In view of what has been discussed above, we are of the considered view that following the law laid down by Hon’ble Delhi High Court in Sony Ericsson Mobile Communications India Pvt. Ltd. (supra), adjustment made by the TPO/DRP/AO on account of ALP of AMP expenses is not sustainable in the eyes of law, hence deleted. So, the appeal filed by the taxpayer is allowed and the appeal filed by the Revenue is dismissed.

FULL TEXT OF THE ORDER OF ITAT DELHI

Present cross appeals filed by the assessee as well as by the revenue are being disposed off by way of composite order to avoid repetition of discussion.

2. Appellant, M/s. RayBan Sun Optics India Limited (hereinafter referred to as ‘the taxpayer’) by filing the present appeal sought to set aside the impugned order dated 29.01.2016 passed by the Assessing Officer (AO) in consonance with the orders passed by the ld. DRP/TPO under section 143 (3) read with section 144C / 92CA(4) of the Income-tax Act, 1961 (for short ‘the Act’) qua the assessment year 2007-08 on the grounds inter alia that :-

Re: General Grounds

1. That on the facts and circumstances of the case and in law, Assessing Officer (“Ld. AO”) erred in assessing the income of the Appellant at INR 195,817,1401- as against the returned income of INR 192,663,625/-.

2. That on the facts and circumstances of the case and in law, the impugned order passed by Ld.

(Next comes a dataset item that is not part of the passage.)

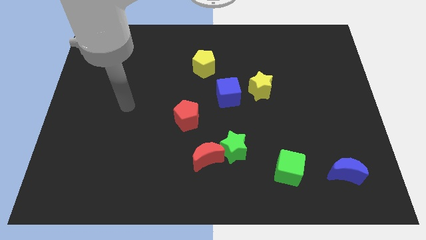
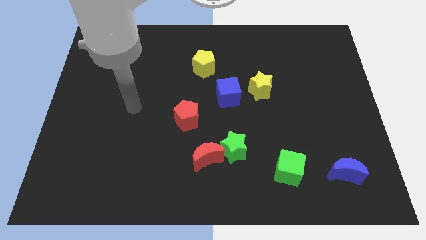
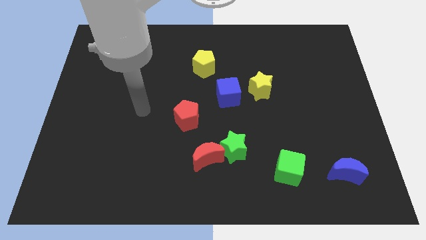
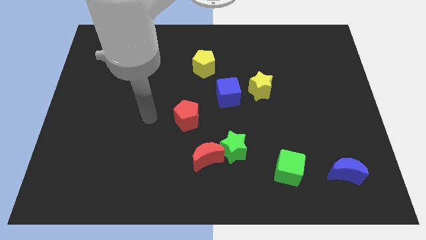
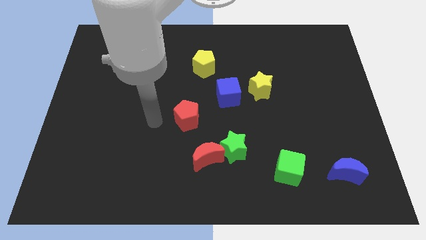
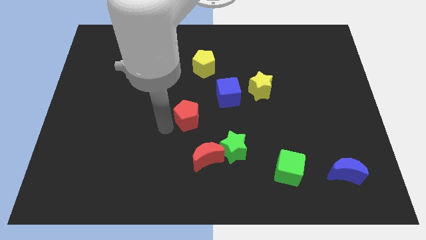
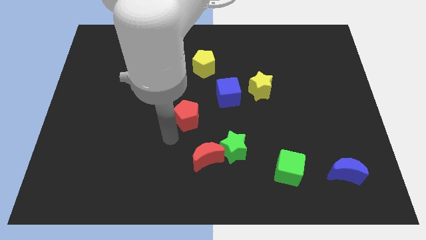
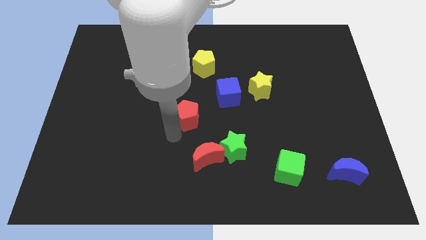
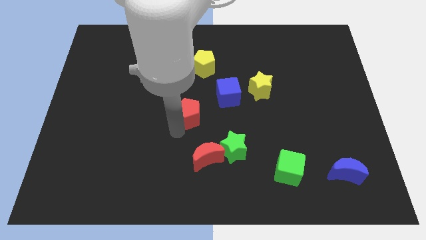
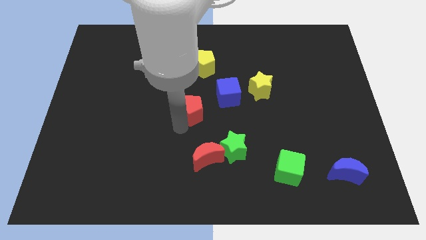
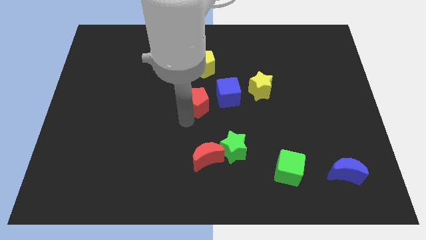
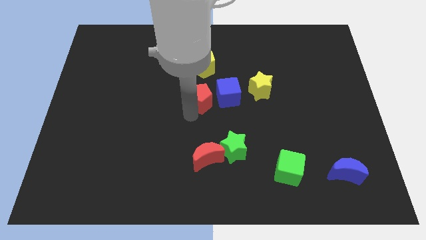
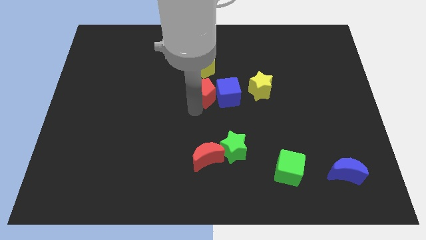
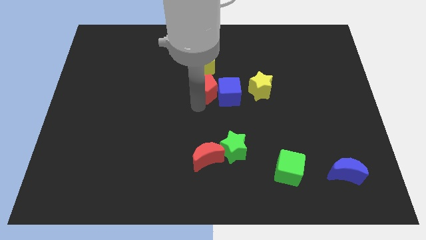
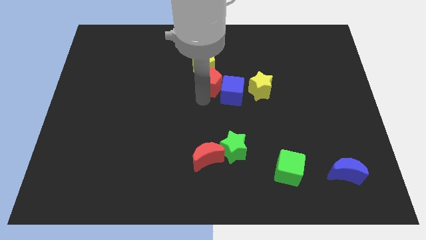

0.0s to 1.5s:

AO in pursuance to the directions of the Hon’ble Dispute Resolution Panel – II (Hon’ble DRP”), under section 143(3) read with section 144C of the Income-tax Act, 1961 (the Act”), is bad in law and void ab-initio.

Re: Transfer Pricing Adjustment in respect of Advertisement, Marketing and Promotion Expenses (“AMP Expenses”)

3. That on the facts and circumstances of the case and in law, the Hon’ble DRP/Ld. AO/Ld. Transfer Pricing Officer (Ld. TPO”) erred in enhancing the income of the Appellant by INR 315,3519/- by making a Transfer Pricing (“TP”) adjustment on account of AMP expenses incurred by the Appellant in the regular course of its business on the ground that it was excessive and should be reimbursed by the Associated Enterprises (“AE”).

Re : No Transaction much less than an International Transaction

3.1 That on the facts and circumstances of the case and in law, the Hon’ble DRP/Ld. AO/Ld. TPO erred in assuming that the AMP expenditure incurred by the Appellant is an “international transaction” within the meaning of the term as contained in section 92B of the Act. In doing so, the Hon’ble DRP/Ld. AO/Ld. TPO failed to appreciate that there are no machinery provisions under the Indian TP regulations for determination of AMP expenditure as an international transaction.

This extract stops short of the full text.